Until the recent invasion of our neighborhood by out-of-state investors who cram four or five college-aged renters into their properties, we'd achieved a pleasant rhythm at our house. Already nostalgia overwhelms as we pack a bit each evening and talk about what we're going to move, sell, give away, or throw out. For the first time in a decade I'll miss our azaleas blooming, followed in short order by the crocuses, the tulips, the irises, the roses. The birds who drop by every spring to pick through our mulch beds on their route north will perhaps be unappreciated this coming March. It's a delightful cacaphony every year.
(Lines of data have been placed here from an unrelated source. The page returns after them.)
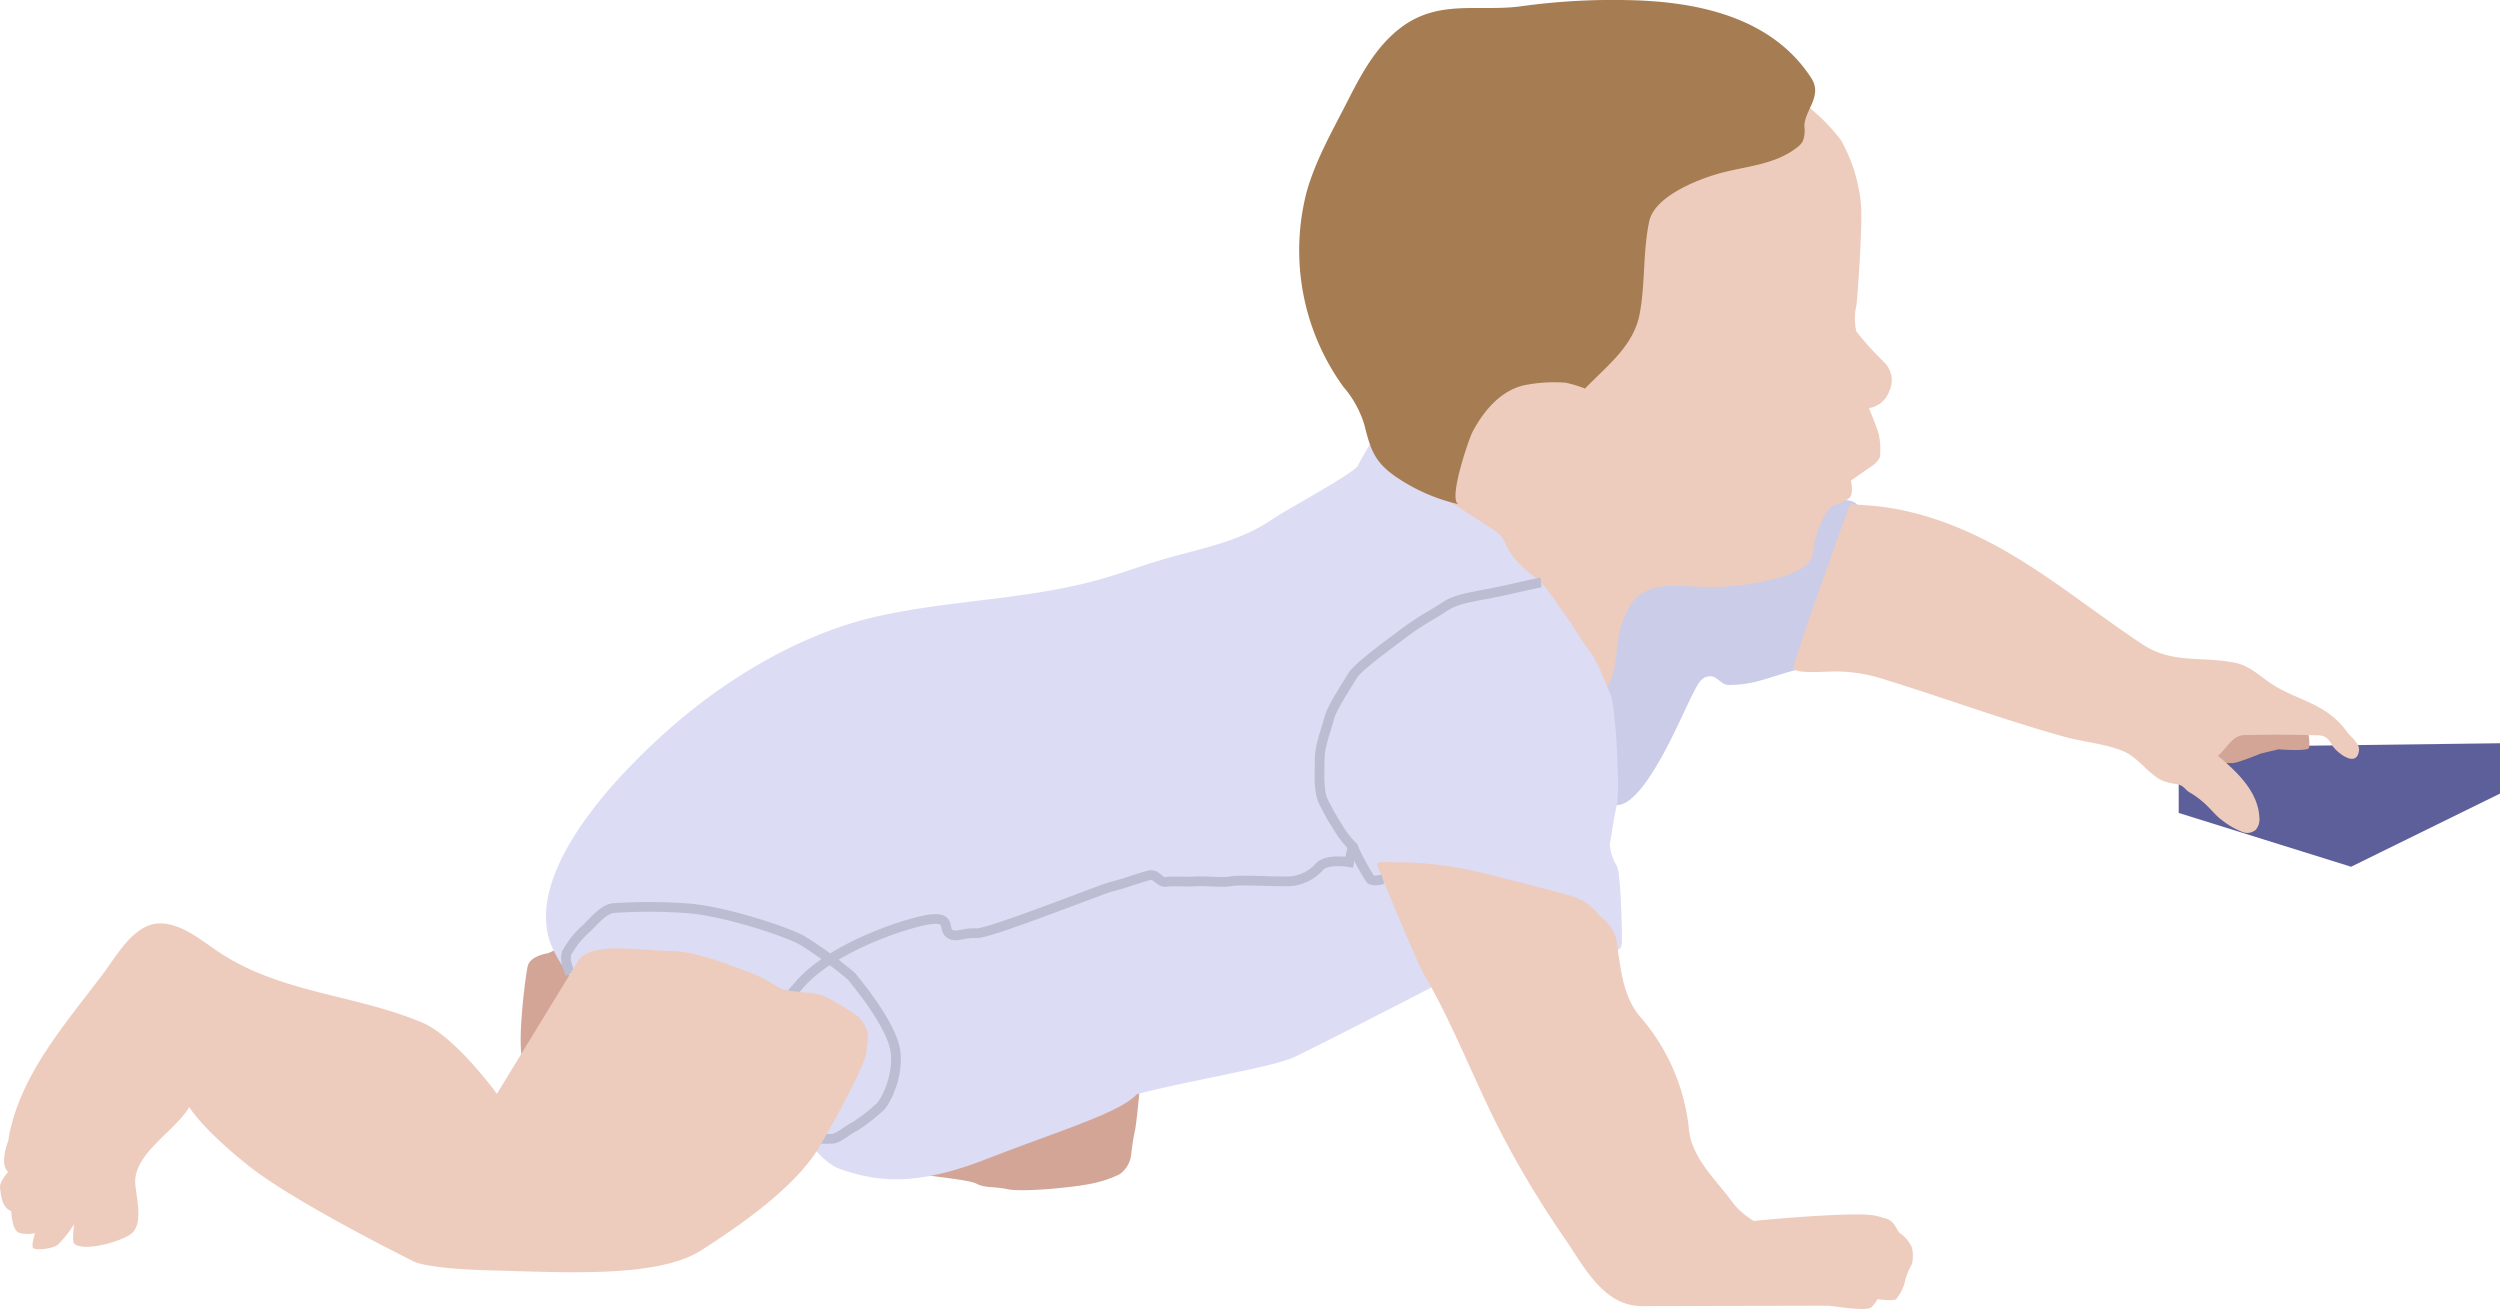 <svg id="Group_20969" data-name="Group 20969" xmlns="http://www.w3.org/2000/svg" xmlns:xlink="http://www.w3.org/1999/xlink" width="316" height="165.454" viewBox="0 0 316 165.454">
  <defs>
    <clipPath id="clip-path">
      <rect id="Rectangle_7882" data-name="Rectangle 7882" width="316" height="165.454" fill="none"/>
    </clipPath>
  </defs>
  <path id="Path_45959" data-name="Path 45959" d="M748.133,251.585,736.4,255.862v4.167l21.787,6.8,18.826-9.248v-6.361Z" transform="translate(-461.012 -157.273)" fill="#5d5f9a"/>
  <g id="Group_20968" data-name="Group 20968">
    <g id="Group_20967" data-name="Group 20967" clip-path="url(#clip-path)">
      <path id="Path_45960" data-name="Path 45960" d="M758.944,240.259a5.726,5.726,0,0,1,.183,2.12c-.219.475-3.875.182-3.875.182l-2.23.53s-3.29,1.368-3.729,1.206a14.073,14.073,0,0,0-2.924.274l4.551-8.408Z" transform="translate(-467.254 -147.848)" fill="#d3a597"/>
      <path id="Path_45961" data-name="Path 45961" d="M562.076,169s3.564-.548,4.387.439a18.769,18.769,0,0,1,2.358,5.867c-.055.713-.055,3.674-.549,4.881s-.713,2.906-2.084,4.716-5.428,5.044-7.128,5.428c-3.1.7-5.433,2-8.824,1.95-.9-.013-1.421-1.1-2.265-1.1-1.3,0-1.753,1.344-2.3,2.363-1.252,2.32-5.892,13.928-9.546,13.928-3.052,1.06-5.794-5.411-5.794-5.411l-.384-9.486,3.18-13.434,20.125-6.525Z" transform="translate(-331.764 -105.704)" fill="#cacce8"/>
      <path id="Path_45962" data-name="Path 45962" d="M613.31,170.474s1.352.037,2.923.182c6.876.639,13.3,3.487,19.087,7.124,5.135,3.228,9.891,7.021,14.949,10.369,3.784,2.5,7.407,1.506,11.625,2.322,1.87.362,3.049,1.541,4.528,2.564,2.454,1.7,5.452,2.291,7.791,4.162a10.034,10.034,0,0,1,1.976,2.086c.441.565,1.569,1.449,1.48,2.264-.255,2.338-2.788.33-3.393-.61a3.043,3.043,0,0,0-.817-1.034,2.262,2.262,0,0,0-1.145-.24q-4.576-.137-9.155-.024c-1.528.037-2.24,1.716-3.325,2.623,2.47,2.057,5.072,4.544,5.235,7.755a2.052,2.052,0,0,1-.454,1.594,1.651,1.651,0,0,1-1.586.309,10.185,10.185,0,0,1-2.818-1.634c-.548-.4-1.316-1.316-1.937-1.9a10.961,10.961,0,0,0-2.011-1.5c-.548-.292-.694-.878-1.645-1.06a7.4,7.4,0,0,1-1.824-.437c-1.878-.934-3.012-2.926-4.96-3.73-2.243-.925-5.1-1.169-7.47-1.828-7.784-2.168-15.361-4.982-23.076-7.353a19.7,19.7,0,0,0-6.539-.866c-.6.009-4.287.266-4.568-.381-.219-.5,7.128-20.756,7.128-20.756" transform="translate(-379.489 -106.723)" fill="#edccbe"/>
      <path id="Path_45963" data-name="Path 45963" d="M484.672,80.563A8.993,8.993,0,0,0,483.4,82.97c-.929,2.307-.686,4.33-1.291,6.661-.977,3.767-2.782,2.818-4.851.778-1.263-1.244-2.476-2.544-3.667-3.859l-4.99-6.087L457.855,73.5l-2.577-6.141-3.509-4.99s.658-4.661.6-5.593a5.674,5.674,0,0,0-1.481-3.509c-1.206-1.481-2.029-1.974-2.851-3.345a15.6,15.6,0,0,1-1.81-3.948c-.11-.768-2.687-11.735-1.535-17.108s8.17-13.27,8.554-13.544,8.774-8.06,13.873-7.951,39.1,10.309,39.1,10.309a23.89,23.89,0,0,1,4.661,4.606,20.073,20.073,0,0,1,2.577,8.445c.165,2.8-.493,12.009-.6,12.5a7.38,7.38,0,0,0,0,3.29,40,40,0,0,0,3.564,3.928,3.188,3.188,0,0,1,.6,3.584,3.243,3.243,0,0,1-2.577,2.166s1.124,2.715,1.261,3.372a10.1,10.1,0,0,1,.137,2.8,3.026,3.026,0,0,1-1.015,1.152c-.439.274-2.66,1.837-2.66,1.837s.384,1.59-.165,2.166a5.334,5.334,0,0,1-1.974.96c-1.116.372-2.334,3.768-2.485,4.779a6.36,6.36,0,0,1-.407,1.989,3.092,3.092,0,0,1-1.074,1.121,11.27,11.27,0,0,1-3.018,1.261,31.054,31.054,0,0,1-9.574,1.157c-2.752-.037-6.033-.674-8.329,1.29a3.9,3.9,0,0,0-.471.482" transform="translate(-278.21 -4.613)" fill="#edccbe"/>
      <path id="Path_45964" data-name="Path 45964" d="M335.611,363.831s-.548,5.922-.768,6.854-.439,2.632-.493,3.18a3.5,3.5,0,0,1-1.481,2.358,15.227,15.227,0,0,1-4.057,1.261c-2.413.439-8.225.987-10.09.6s-2.8-.11-3.948-.713-8.664-1.152-9.048-1.59,9.925-8.719,9.925-8.719Z" transform="translate(-191.389 -227.771)" fill="#d3a597"/>
      <path id="Path_45965" data-name="Path 45965" d="M179.441,320.23s-2.29.292-2.583,1.682-1.316,9.285-.658,11.844,9.724,4.314,9.724,4.314l4.021-5.557-.585-10.162-7.311-3.29Z" transform="translate(-110.172 -199.743)" fill="#d3a597"/>
      <path id="Path_45966" data-name="Path 45966" d="M194.386,187.956c-6.041,6.472-11.725,14.921-9.243,21.623a16.742,16.742,0,0,0,2.351,3.967l9.785,5.537,15.353,5.922s4.46,11.406,9.066,13.014,9.5,2.267,18.5-1.243,16.889-5.849,19.009-8.188c0,0,1.389-.439,7.311-1.682s10.455-2.12,12.356-2.924,17.62-8.92,17.62-8.92l22.957-4.752s1.1.439,1.1-1.1-.146-8.627-.658-9.5a5.893,5.893,0,0,1-.877-2.851c.146-.439.439-2.924.877-4.825s-.146-12.575-.8-14.037-1.755-4.387-2.559-5.337a39.839,39.839,0,0,1-2.34-3.51l-1.608-2.266a22.432,22.432,0,0,0-2.267-3c-.8-.731-1.462-1.1-2.34-1.974a10.316,10.316,0,0,1-2.047-2.632,3.605,3.605,0,0,0-1.389-1.9c-.8-.512-5.411-3.583-6.434-4.021s-5.849-2.6-6.617-4.021-1.755-1.791-1.828-3.912c0,0,.036-1.215.037-1.242-.027.934-2.059,3.825-2.5,4.9-.383.927-9.135,5.645-10.8,6.787-3.954,2.719-8.421,3.582-12.972,4.846-2.548.708-5.035,1.618-7.563,2.4-9.781,3.012-19.9,2.862-29.73,5.123-8.493,1.953-16.892,6.7-23.61,12.141a82.537,82.537,0,0,0-8.134,7.585" transform="translate(-115.533 -90.262)" fill="#dcdcf5"/>
      <path id="Path_45967" data-name="Path 45967" d="M465.476,291.808s4.825,11.917,5.85,13.674c3.923,6.725,6.552,14.006,10.19,20.888a124.174,124.174,0,0,0,7.615,12.551c2.428,3.515,4.905,8.616,9.8,8.606l15.606-.033q3.9-.008,7.8-.016c.836,0,5.025.819,5.652.147a5.964,5.964,0,0,0,.731-.982s1.9.292,2.34,0a5.607,5.607,0,0,0,1.17-2.486,9.378,9.378,0,0,1,.8-1.9,4.137,4.137,0,0,0,0-2.193,4.339,4.339,0,0,0-1.389-1.682c-.22-.073-.731-1.024-.731-1.024a2.02,2.02,0,0,0-1.316-.951c-.951-.219-1.024-.585-5.337-.439s-10.017.658-11.186.8a9.881,9.881,0,0,1-2.628-2.261c-1.814-2.561-4.254-4.679-5.287-7.859a10.4,10.4,0,0,1-.344-1.983,25.655,25.655,0,0,0-6.042-13.637c-2.389-2.755-2.55-6.505-3.1-10.012A5.276,5.276,0,0,0,494,298.534c-1.4-1.243-1.615-2.194-4.54-3s-6.068-1.608-9.87-2.559a46.868,46.868,0,0,0-10.455-1.535c-2.778,0-3.88-.187-3.655.366" transform="translate(-291.387 -182.434)" fill="#edccbe"/>
      <path id="Path_45968" data-name="Path 45968" d="M191.857,314.989s-.852-1.653-.434-2.66a11.8,11.8,0,0,1,2.559-3.144c1.06-1.06,2.157-2.376,3.327-2.486a67.141,67.141,0,0,1,8.993,0c4.789.256,13.051,3.029,14.842,4.074a51.542,51.542,0,0,1,6.251,4.554c.365.475,5.118,6.068,5.556,9.5s-1.5,6.726-2.01,7.056a23.855,23.855,0,0,1-3.107,2.412c-1.1.512-2.081,1.574-3,1.572s-2.449,0-2.449,0h-.8" transform="translate(-119.766 -191.916)" fill="none" stroke="#bcbdd3" stroke-miterlimit="10" stroke-width="1.229"/>
      <path id="Path_45969" data-name="Path 45969" d="M361.371,196.868s-.329.037-4.167.914-6.251.987-7.9,2.084-3.071,1.755-5.264,3.4-5.813,4.277-6.471,5.374-2.632,4.057-2.961,5.373-1.206,3.51-1.206,5.155-.22,4.119.548,5.569a42.617,42.617,0,0,0,2.193,3.773,13.561,13.561,0,0,0,1.426,1.734l-.439,1.98s-2.8-.481-3.758.579a5.546,5.546,0,0,1-3.59,1.828c-1.316.11-6.47-.219-7.567,0s-3.181-.063-4.5.023-2.961-.071-3.729.062-1.206-.963-1.974-.853-3.729,1.206-4.826,1.426-15.573,6.032-17.218,5.922-2.632.661-3.4,0,.22-2.085-2.413-1.756-12.612,3.509-16.669,8.444l-1.389,1.535" transform="translate(-166.591 -123.247)" fill="none" stroke="#bcbdd3" stroke-miterlimit="10" stroke-width="1.229"/>
      <path id="Path_45970" data-name="Path 45970" d="M457.214,286.117a34.368,34.368,0,0,0,2.23,4.131c.438.366,1.592,0,1.592,0" transform="translate(-286.233 -179.12)" fill="none" stroke="#bcbdd3" stroke-miterlimit="10" stroke-width="1.229"/>
      <path id="Path_45971" data-name="Path 45971" d="M73.047,316.9,62.811,333.647s-5.264-7.238-9.432-8.993c-8.618-3.628-18.073-3.7-25.97-9.087-2.68-1.827-6.257-4.864-9.564-2.713-2.056,1.337-3.425,3.773-4.866,5.689C8.2,324.9,2.3,331.5,1.031,339.643c0,0-1.17,2.888,0,3.875,0,0-1.133,1.243-1.024,2.047s.183,2.449,1.426,2.924c0,0,.036,2.559,1.1,2.778a4.587,4.587,0,0,0,1.9,0s-.512,1.536-.256,1.865,2.413.146,3.144-.4a14.968,14.968,0,0,0,2.047-2.6s-.289,2.171,0,2.445c1.2,1.151,6.312-.339,7.359-1.35,1.389-1.34.493-4.446.373-6.228-.255-3.777,5.049-6.634,6.822-9.673,0,0,1.608,2.742,7.494,7.421S52.1,354.74,52.1,354.74s1.17,1.024,10.236,1.243,20.8.987,26.321-2.559,12.063-8.189,14.988-13.2,5.739-10.565,5.849-11.7.4-2.3,0-3.107a3.851,3.851,0,0,0-1.316-1.755,32.21,32.21,0,0,0-2.815-1.718,6.54,6.54,0,0,0-3.18-1.06c-1.974-.183-3.363-.329-3.912-.768a20.466,20.466,0,0,0-3.912-1.974c-1.024-.329-3.546-1.389-5.081-1.718a15.5,15.5,0,0,0-5.228-.841c-3.838-.146-9.519-1.112-11,1.316" transform="translate(0 -195.394)" fill="#edccbe"/>
      <path id="Path_45972" data-name="Path 45972" d="M475.206,49.116c2.685-2.811,6.1-5.33,6.881-9.327.766-3.893.4-7.9,1.235-11.813.694-3.255,6.445-5.452,9.4-6.2,3.175-.8,6.69-1.052,9.339-3.185a2.508,2.508,0,0,0,.66-.721,3.837,3.837,0,0,0,.212-1.882c-.014-2.065,2.368-3.813.862-6.136C498.751,2.072,489.222.167,480.566.015a84.093,84.093,0,0,0-13.314.76c-5.284.757-10.284-.868-15.01,2.488-3.3,2.343-5.25,5.964-7.039,9.489-1.892,3.728-3.968,7.305-5.142,11.345a29.424,29.424,0,0,0,4.584,24.776,13.318,13.318,0,0,1,2.663,4.8c.765,3.078,1.272,4.717,3.945,6.558a23.12,23.12,0,0,0,8.018,3.514c-1.492-.335,1.271-8.318,1.7-9.128,1.484-2.812,3.783-5.532,7.071-6.019a19.041,19.041,0,0,1,4.764-.219,17.487,17.487,0,0,1,2.4.731" transform="translate(-274.858 0)" fill="#a67c52"/>
    </g>
  </g>
</svg>

I think Old Will used to put out a great deal of seed to attract them. I always forget until they arrive, then I throw handfuls of seed out the window onto the patio. Yesterday it dawned on me that the balled blue spruce Xmas tree we bought from Sluggo at Mason Dixon farms our first year in the house is now over 8 feet tall. It's funny how I never really saw that tree until I knew we were leaving, despite looking at it every day. I wish we could dig it up and take it along with us.
We're in a crunch. We have to vacate by the 28th of February, and have yet to even put in a bid on a new house. We might need to load up a storage bin for a few days and live in the in-laws' basement if we encounter trouble buying. It's a tremendously exciting situation, however. Rhythms make for cozy living, and comfortable, familiar digs can't be beat. But nothing is more refreshing than casting off the rusty irons of complacency--that's why I like to travel so much. We're taking a big risk right now, and it makes me want to take even bigger risks, like selling all our shit and spending two years in the Peace Corp with a wad in the bank, or spending two years traveling, or taking our capital gains and dropping them on a roulette table in Vegas.
We have no idea where we'll be in six weeks. Whooo!